* _Excerpted records_:
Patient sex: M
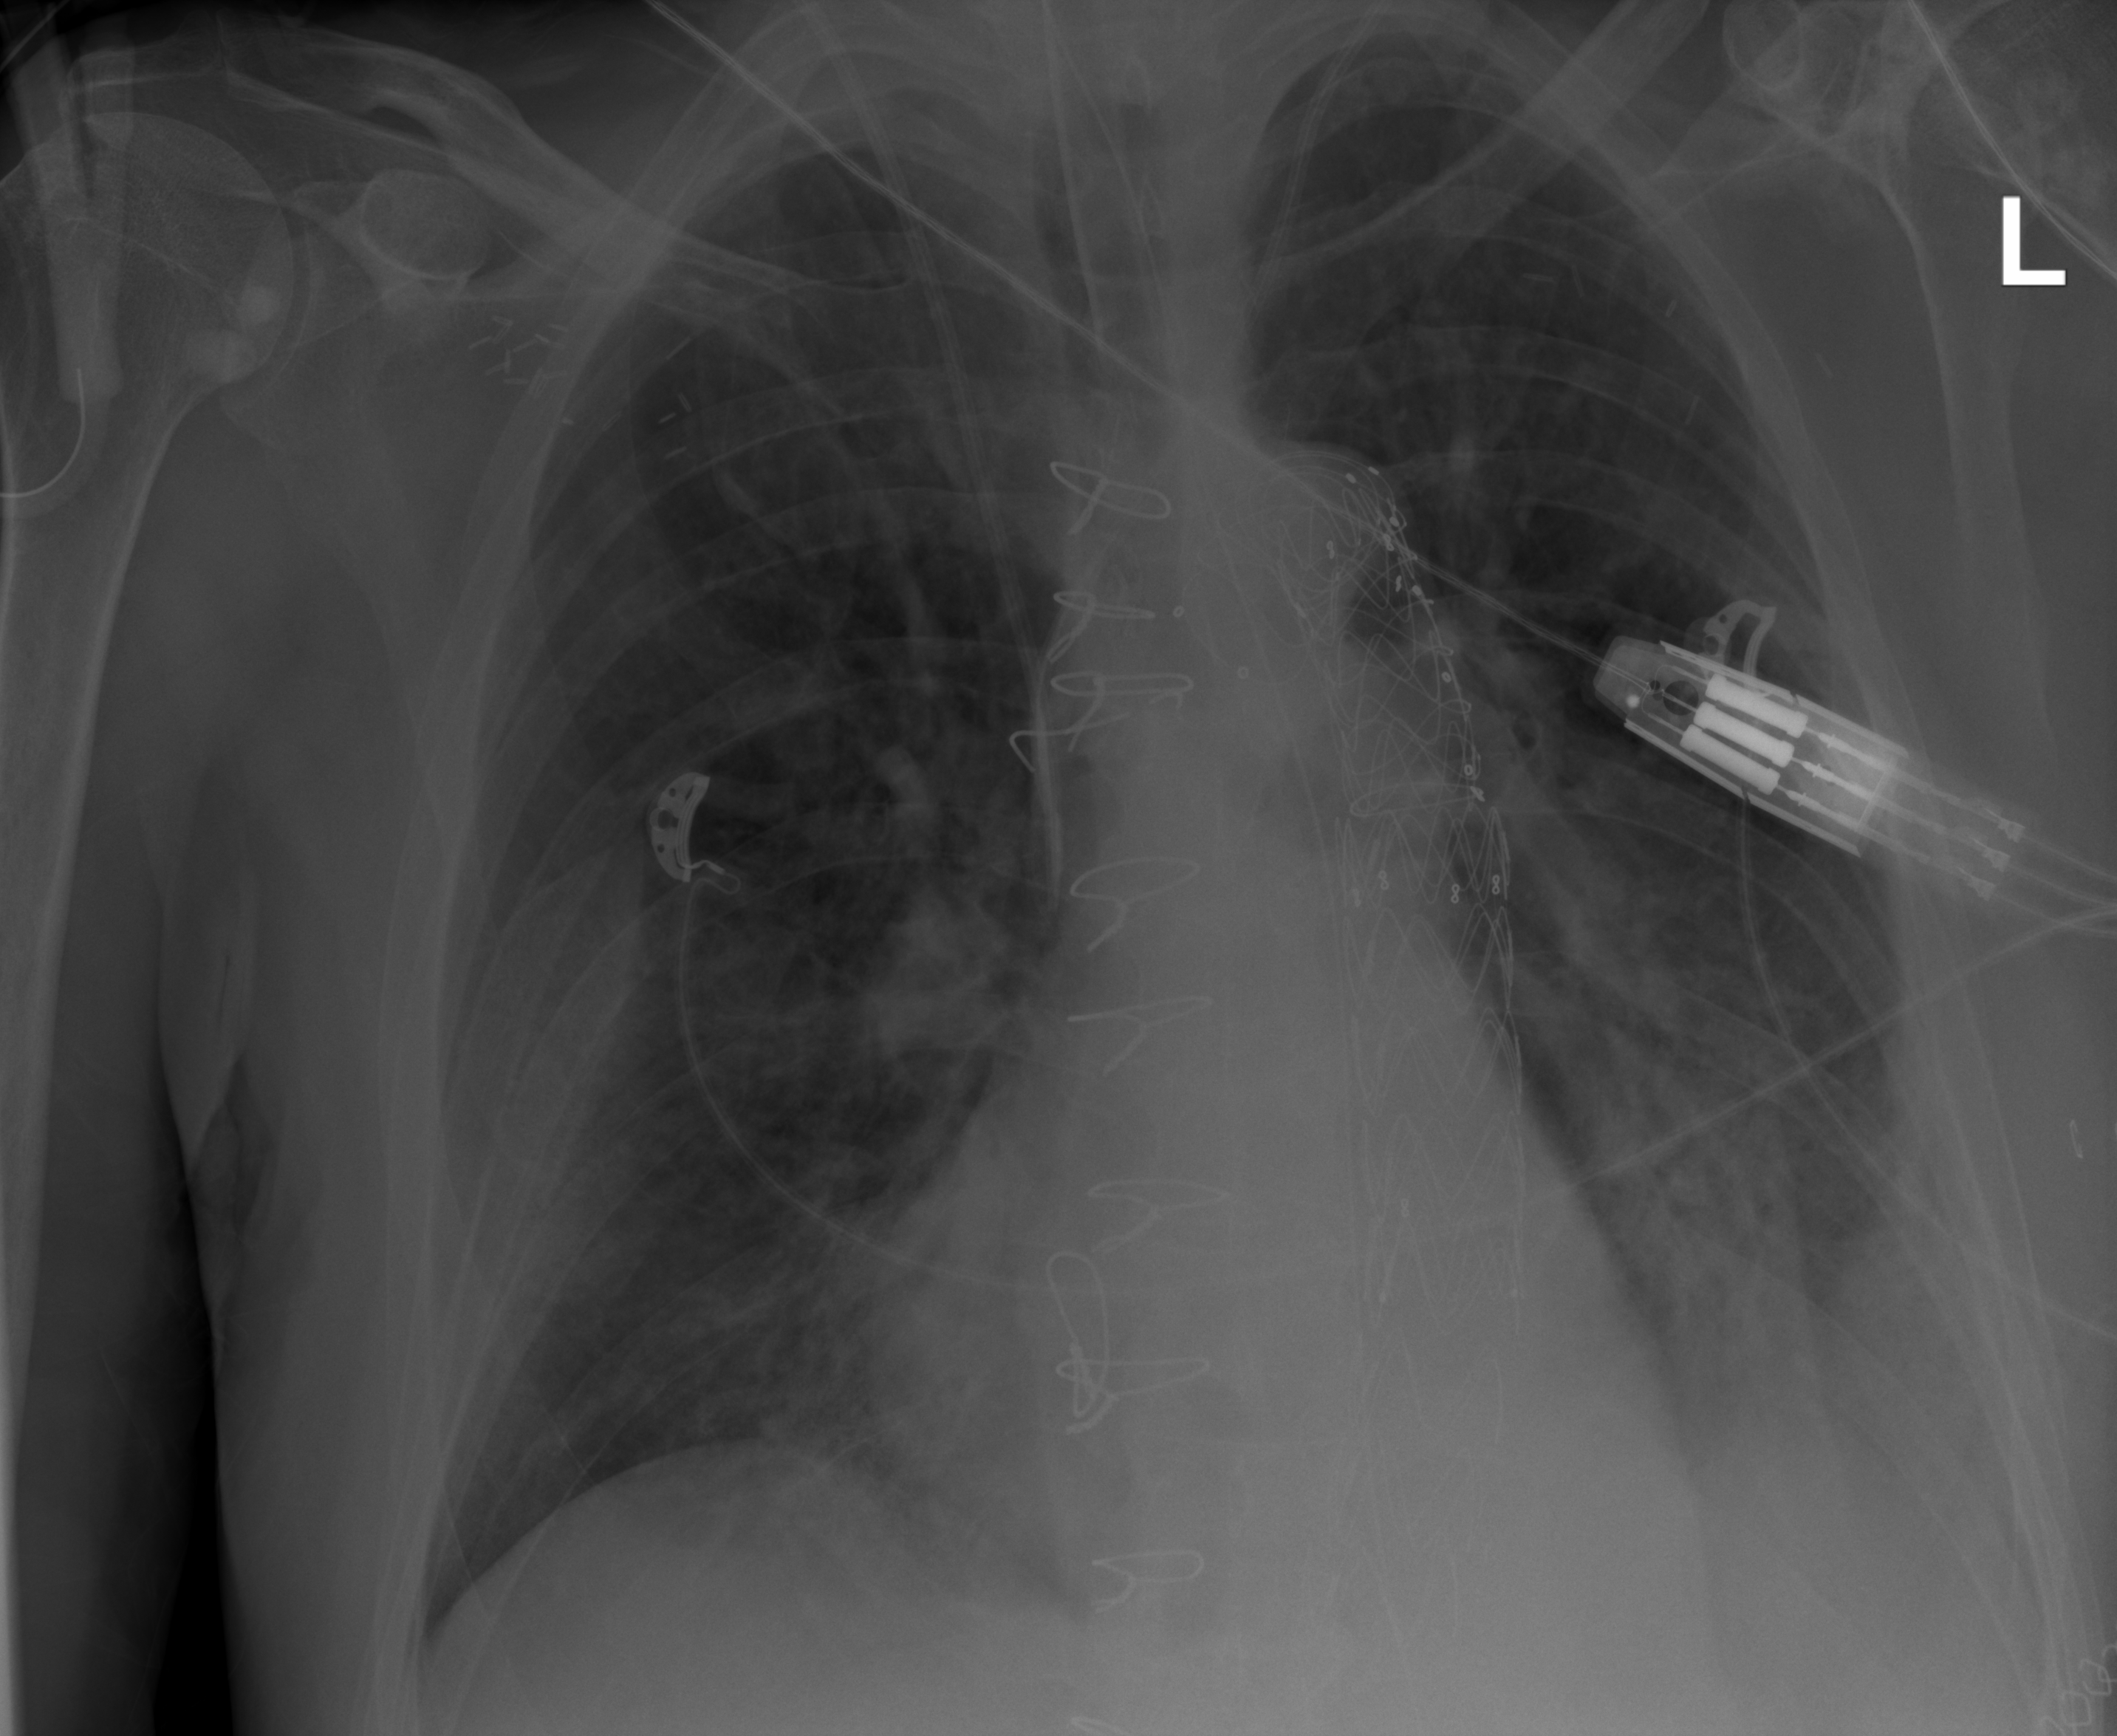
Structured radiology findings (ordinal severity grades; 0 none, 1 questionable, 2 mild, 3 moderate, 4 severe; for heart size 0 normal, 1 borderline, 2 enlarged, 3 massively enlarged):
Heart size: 0
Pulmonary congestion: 0
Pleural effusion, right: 2
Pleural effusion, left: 2
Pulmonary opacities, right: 2
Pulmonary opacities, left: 2
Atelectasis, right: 2
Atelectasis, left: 3
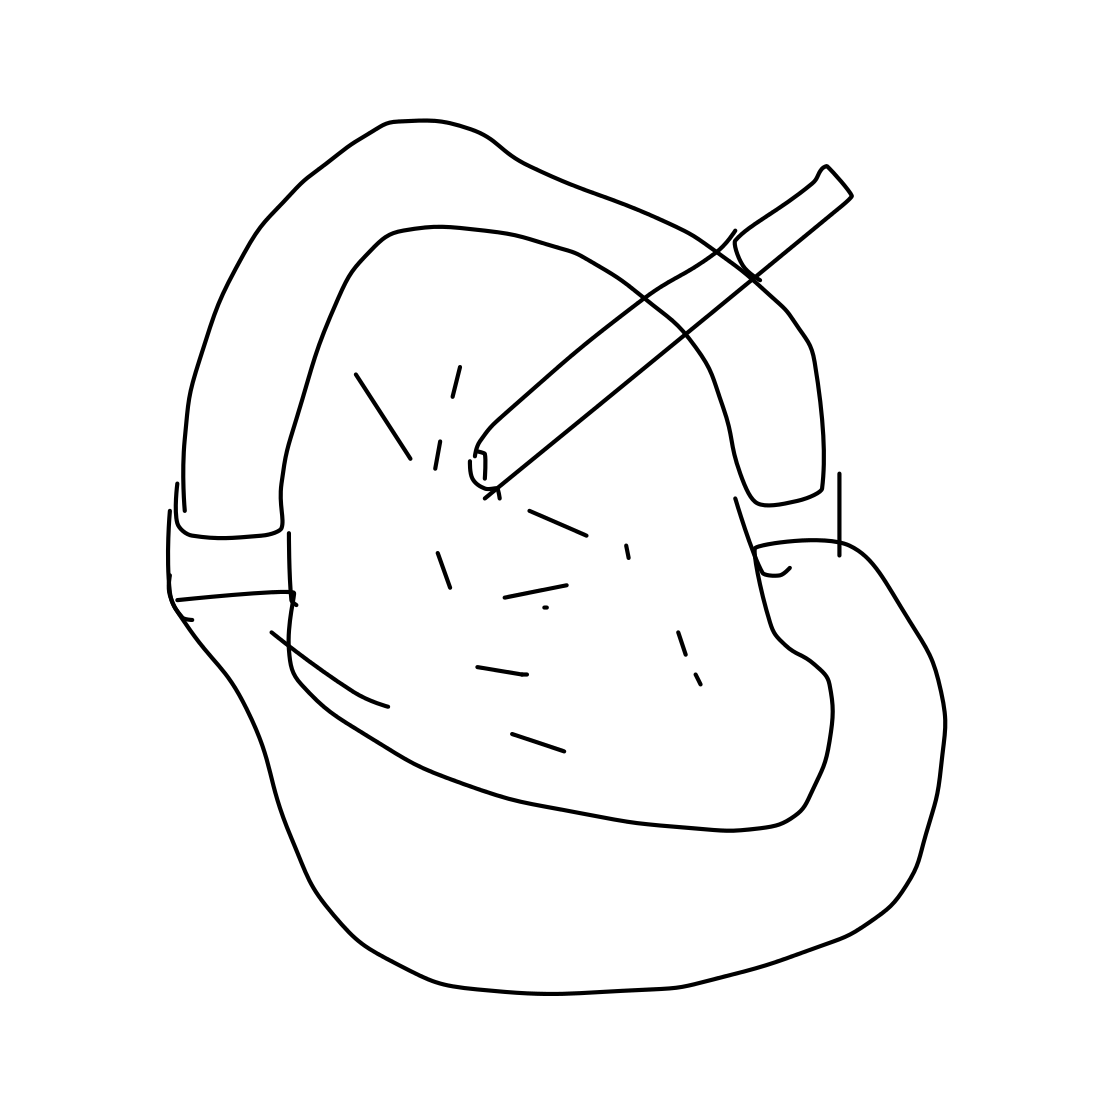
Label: ashtray
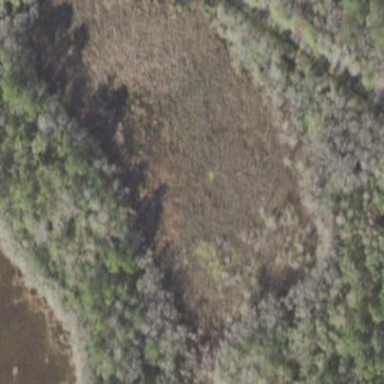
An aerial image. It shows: Marshy wetland area.
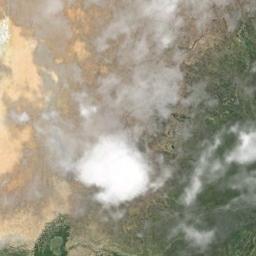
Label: cloud
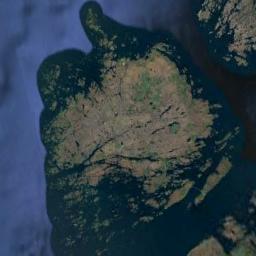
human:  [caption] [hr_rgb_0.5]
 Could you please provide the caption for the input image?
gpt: There are many islands of different shapes and sizes .

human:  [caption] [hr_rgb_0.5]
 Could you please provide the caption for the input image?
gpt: The big island with some vegetation is surrounded by light blue waters .

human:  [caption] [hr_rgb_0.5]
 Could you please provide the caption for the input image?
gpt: The irregularly shaped yellow-brown island is surrounded by blue sea water, With sparse green vegetation on the island and many smaller islands around it .

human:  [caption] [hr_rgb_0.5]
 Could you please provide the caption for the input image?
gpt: The island on the left is several times as large as the island on the right .

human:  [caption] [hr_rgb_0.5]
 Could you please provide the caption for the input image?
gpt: There are yellow bare land and some green land on the island .
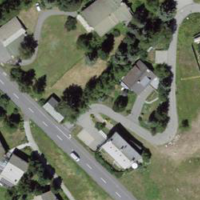
EUNIS habitat code: 54
Species observed at this site:
Botrychium lunaria
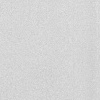
Atmospheric dust classification: dusty
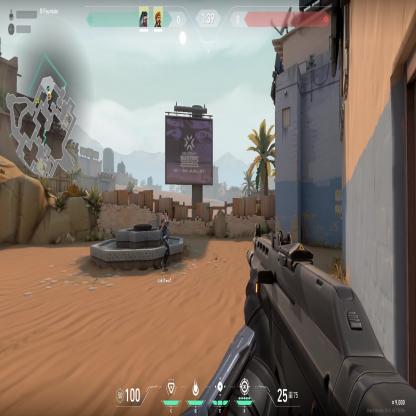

* _Aim of the exercise_: Leave out the images and transcribe all the records exactly.

* _Written solution_:
Patient sex: M
Structured radiology findings (ordinal severity grades; 0 none, 1 questionable, 2 mild, 3 moderate, 4 severe; for heart size 0 normal, 1 borderline, 2 enlarged, 3 massively enlarged):
Heart size: 0
Pulmonary congestion: 0
Pleural effusion, right: 2
Pleural effusion, left: 2
Pulmonary opacities, right: 2
Pulmonary opacities, left: 2
Atelectasis, right: 2
Atelectasis, left: 3
Label: ashtray
An aerial image. It shows: Marshy wetland area.
Label: cloud
human:  [caption] [hr_rgb_0.5]
 Could you please provide the caption for the input image?
gpt: There are many islands of different shapes and sizes .

human:  [caption] [hr_rgb_0.5]
 Could you please provide the caption for the input image?
gpt: The big island with some vegetation is surrounded by light blue waters .

human:  [caption] [hr_rgb_0.5]
 Could you please provide the caption for the input image?
gpt: The irregularly shaped yellow-brown island is surrounded by blue sea water, With sparse green vegetation on the island and many smaller islands around it .

human:  [caption] [hr_rgb_0.5]
 Could you please provide the caption for the input image?
gpt: The island on the left is several times as large as the island on the right .

human:  [caption] [hr_rgb_0.5]
 Could you please provide the caption for the input image?
gpt: There are yellow bare land and some green land on the island .
EUNIS habitat code: 54
Species observed at this site:
Botrychium lunaria
Atmospheric dust classification: dusty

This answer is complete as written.